Ultimate.ai was founded in November 2016 and launched its first product in summer 2017. It now has more than 25 enterprise clients, including the likes of Zalando, Telia and Finnair. It also touts partnerships with tech giants including SAP, Microsoft, Salesforce and Genesys — integrating with their Contact Center solutions.
“We partner with these players both technically (on client deployments) and commercially (via co-selling). We also list our solution on their Marketplaces,” he notes.
Up to taking in its first seed round now it had raised an angel round of €230k in March 2017, as well as relying on revenue generated by the product as soon as it launched.
The $1.3M seed round is co-led by Holtzbrinck Ventures and Maki.vc.
Kainulainen says one of the “key strengths” of Ultimate.ai’s approach to AI for text-based customer service touch-points is rapid set-up when it comes to ingesting a client’s historical customer logs to train the suggestion system.
“Our proprietary clustering algorithms automatically cluster our customer’s historical data (chat, email, knowledge base) to train our neural network. We can go from millions of lines of unstructured data into a trained deep neural network within a day,” he says.

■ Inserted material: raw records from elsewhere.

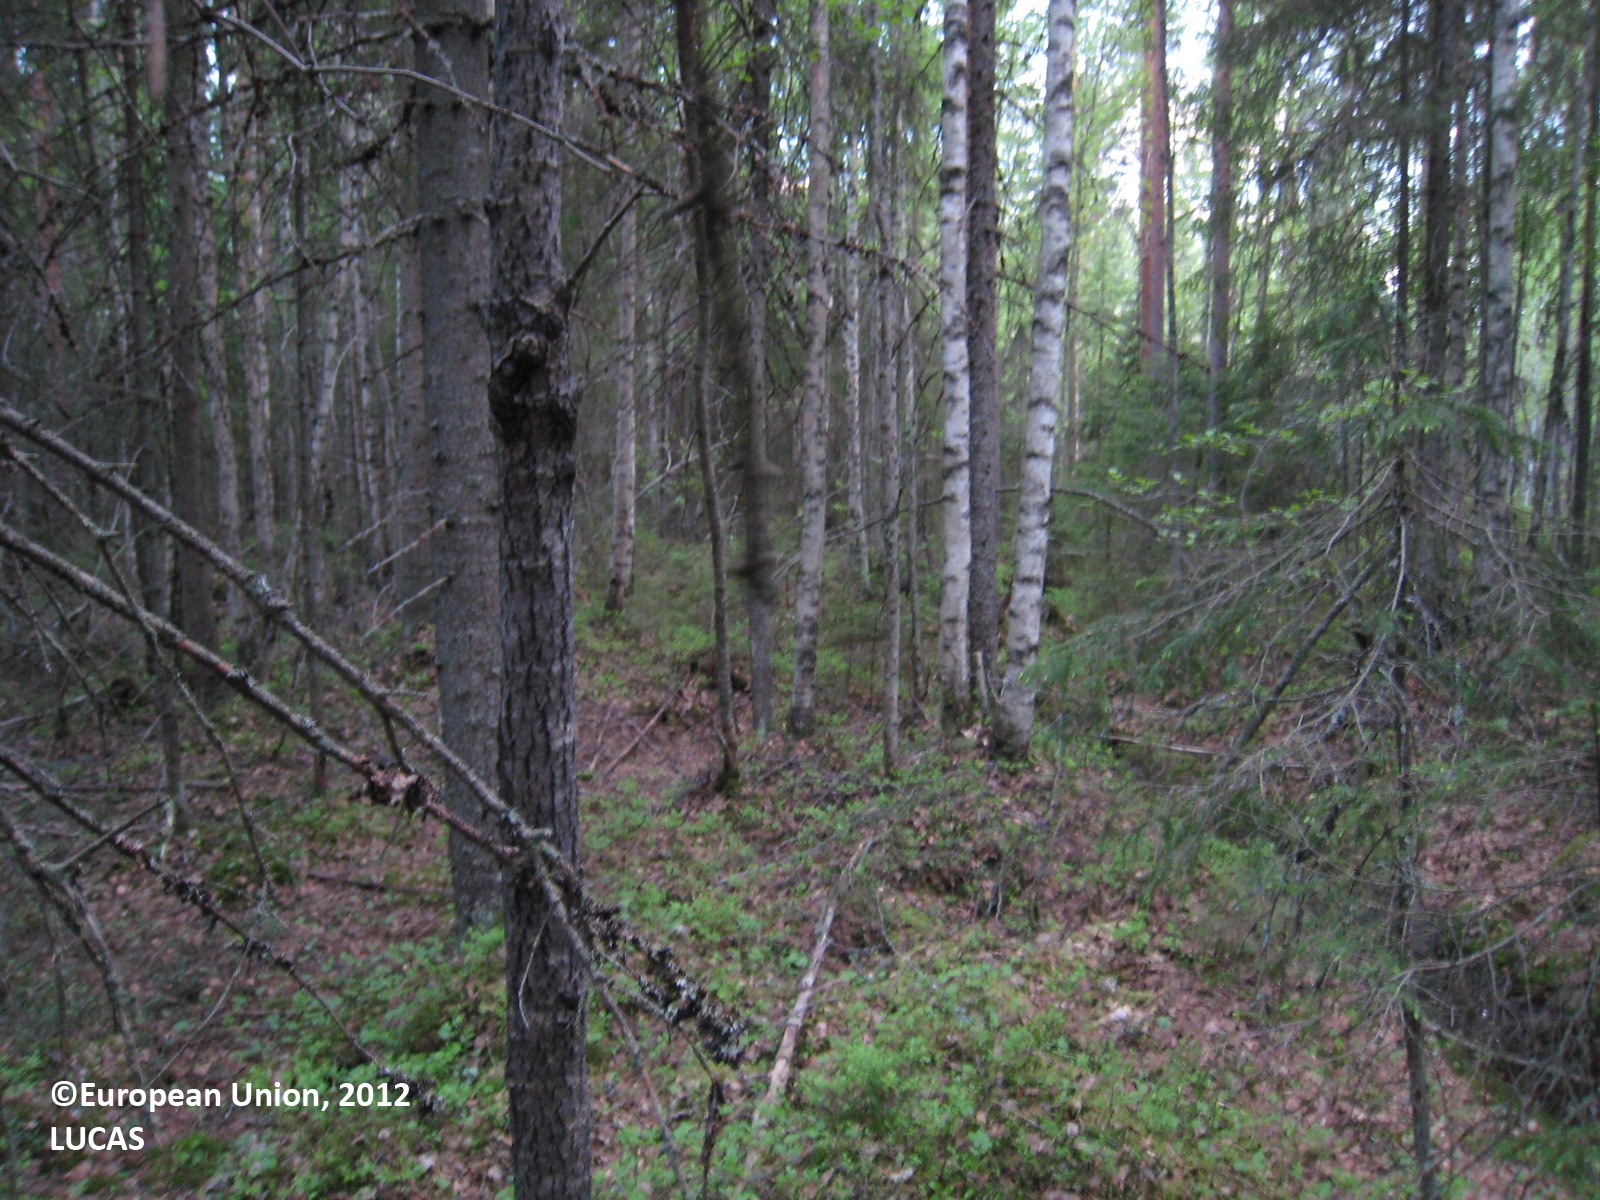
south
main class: Woodland
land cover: Spruce dominated mixed woodland
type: boreal forest
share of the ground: > 75 %
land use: Forestry
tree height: > 5 m
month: June
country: FI
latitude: 62.5686
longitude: 26.1005
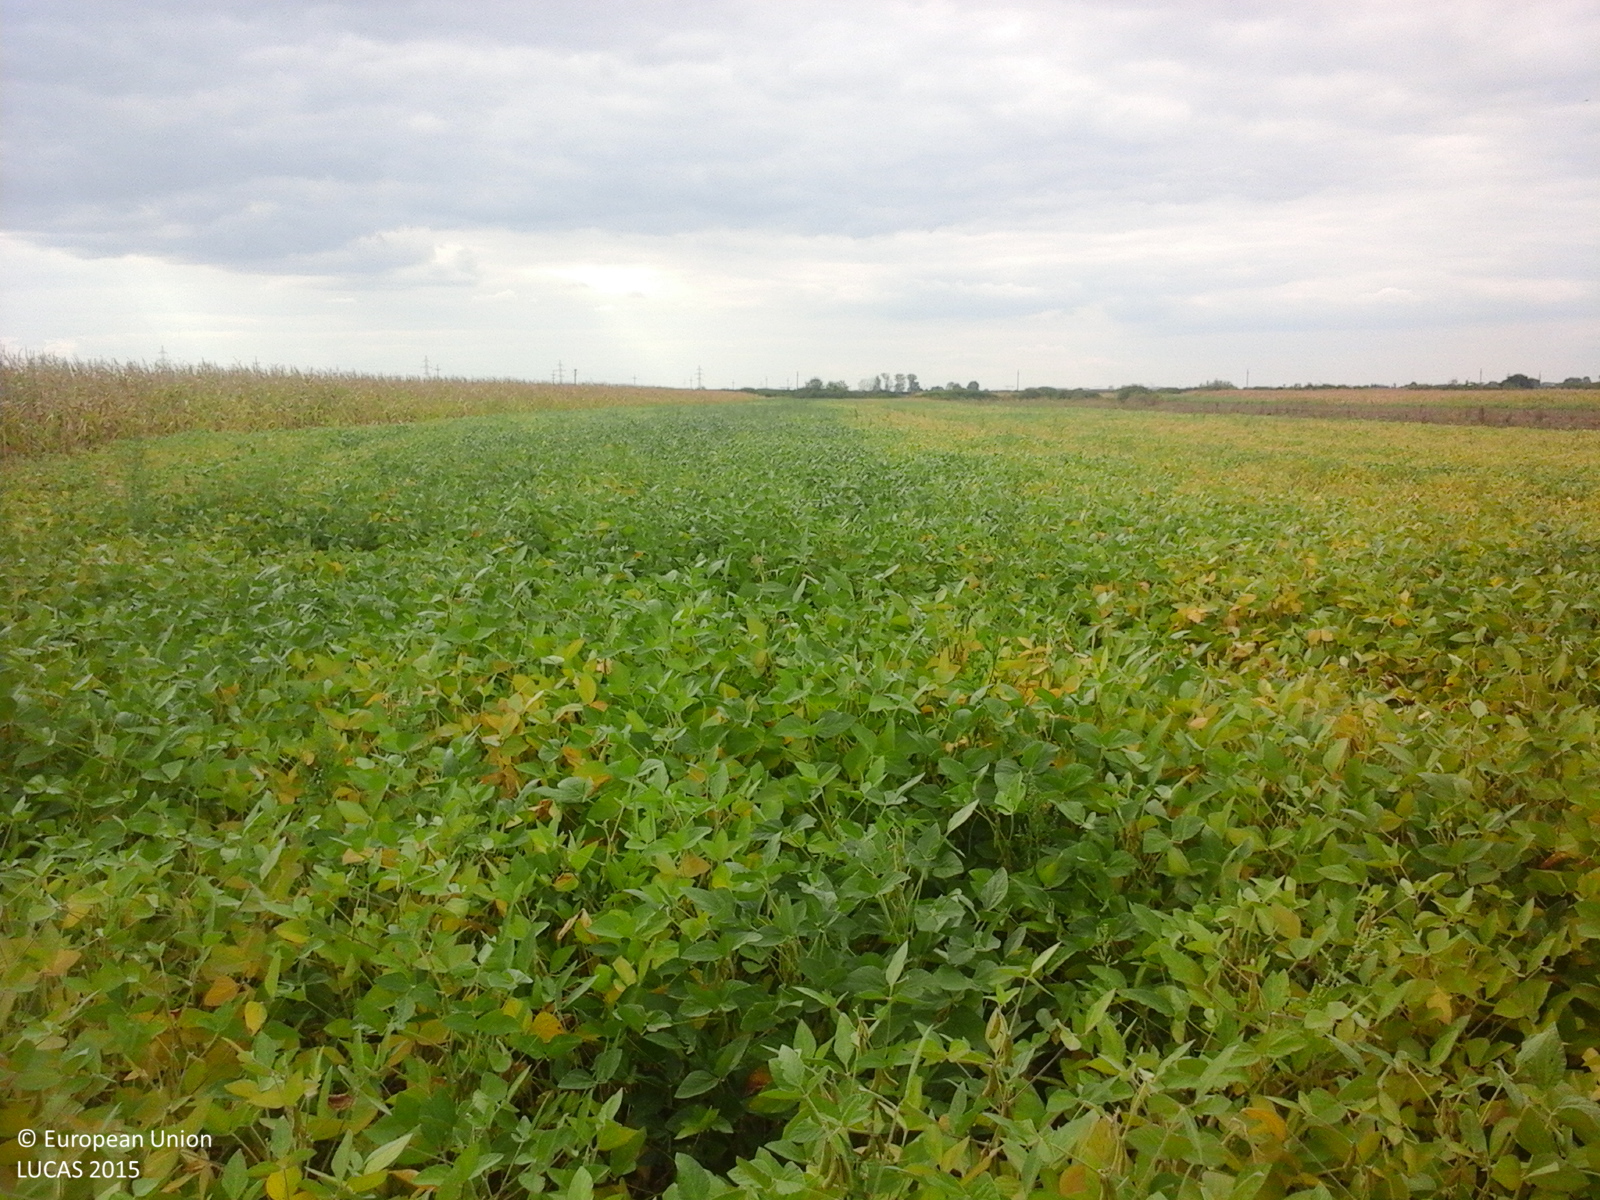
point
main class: Cropland
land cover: Soya
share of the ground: > 75 %
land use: Agriculture (excluding fallow land and kitchen gardens)
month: September
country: RO
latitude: 47.7635
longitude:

“Alongside this, our state-of-the-art transfer learning algorithms can seed the AI with very limited data — we have deployed Contact Center automation for enterprise clients with as little as 500 lines of historical conversation.”
Ultimate.ai’s proprietary NLP achieves “state-of-the-art accuracy at 98.6%”, he claims.
It can also make use of what he dubs “semi-supervised learning” to further boost accuracy over time as agents use the tool.
“Finally, we leverage transfer learning to apply a single algorithmic model across all clients, scaling our learnings from client-to-client and constantly improving our solution,” he adds.
On the competitive front, it’s going up against the likes of IBM’s Watson AI. However Kainulainen argues that IBM’s manual tools — which he argues “require large onboarding projects and are limited in languages with no self-learning capabilities” — make that sort of manual approach to chatbot building “unsustainable in the long-term”.
He also contends that many rivals are saddled with “lengthy set-up and heavy maintenance requirements” which makes them “extortionately expensive”.
A closer competitor (in terms of approach) which he namechecks is TC Disrupt battlefield alum Digital Genius. But again they’ve got English language origins — so he flags that as a differentiating factor vs the proprietary NLP at the core of Ultimate.ai’s product (which he claims can handle any language).
“It is very difficult to scale out of English to other languages,” he argues. “It also uneconomical to rebuild your architecture to serve multi-language scenarios. Out of necessity, we have been language-agnostic since day one.”
“Our technology and team is tailored to the customer service problem; generic conversational AI tools cannot compete,” he adds. “Within this, we are a full package for enterprises. We provide a complete AI platform, from automation to augmentation, as well as omnichannel capabilities across Chat, Email and Social. Languages are also a key technical strength, enabling our clients to serve their customers wherever they may be.”
The multi-language architecture is not the only claimed differentiator, either.
Kainulainen points to the team’s mission as another key factor on that front, saying: “We want to transform how people work in customer service. It’s not about building a simple FAQ bot, it’s about deeply understanding how the division and the people work and building tools to empower them. For us, it’s not Superagent vs. Botman, it’s Superagent + Botman.”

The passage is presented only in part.